(Source data)
• • • • •
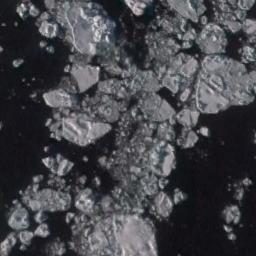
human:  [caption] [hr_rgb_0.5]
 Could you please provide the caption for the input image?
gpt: There are sea ice of different sizes .

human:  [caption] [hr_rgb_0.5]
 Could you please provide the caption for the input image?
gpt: Countless ice cubes of all sizes are closely connected into a large piece floating on the deep blue sea .

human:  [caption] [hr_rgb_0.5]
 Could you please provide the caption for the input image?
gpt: A lot of sea ice of different sizes gathers together and the color of the seawater is deep blue .

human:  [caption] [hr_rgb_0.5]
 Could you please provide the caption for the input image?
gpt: There are many ice on the dark blue sea .

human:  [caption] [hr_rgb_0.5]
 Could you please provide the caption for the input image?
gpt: There are many pieces of sea ice .
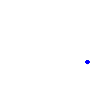
Particle: pion
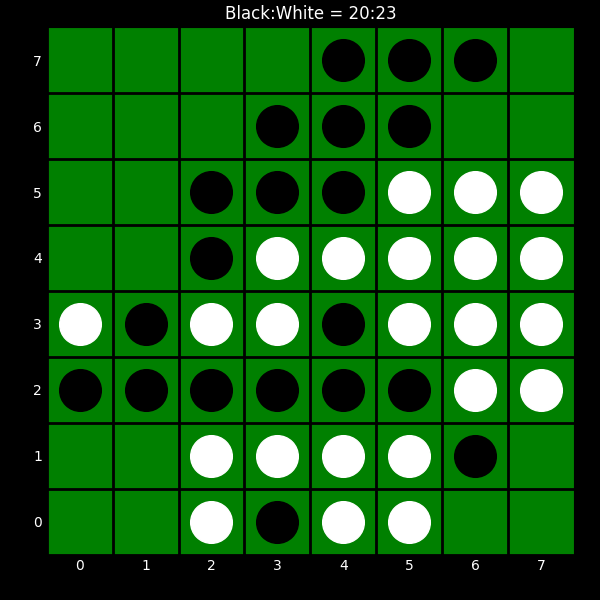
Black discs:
• • • • •
Without the pictures, return each entry exactly as given.

Exercise result:
human:  [caption] [hr_rgb_0.5]
 Could you please provide the caption for the input image?
gpt: There are sea ice of different sizes .

human:  [caption] [hr_rgb_0.5]
 Could you please provide the caption for the input image?
gpt: Countless ice cubes of all sizes are closely connected into a large piece floating on the deep blue sea .

human:  [caption] [hr_rgb_0.5]
 Could you please provide the caption for the input image?
gpt: A lot of sea ice of different sizes gathers together and the color of the seawater is deep blue .

human:  [caption] [hr_rgb_0.5]
 Could you please provide the caption for the input image?
gpt: There are many ice on the dark blue sea .

human:  [caption] [hr_rgb_0.5]
 Could you please provide the caption for the input image?
gpt: There are many pieces of sea ice .
Particle: pion
Black discs:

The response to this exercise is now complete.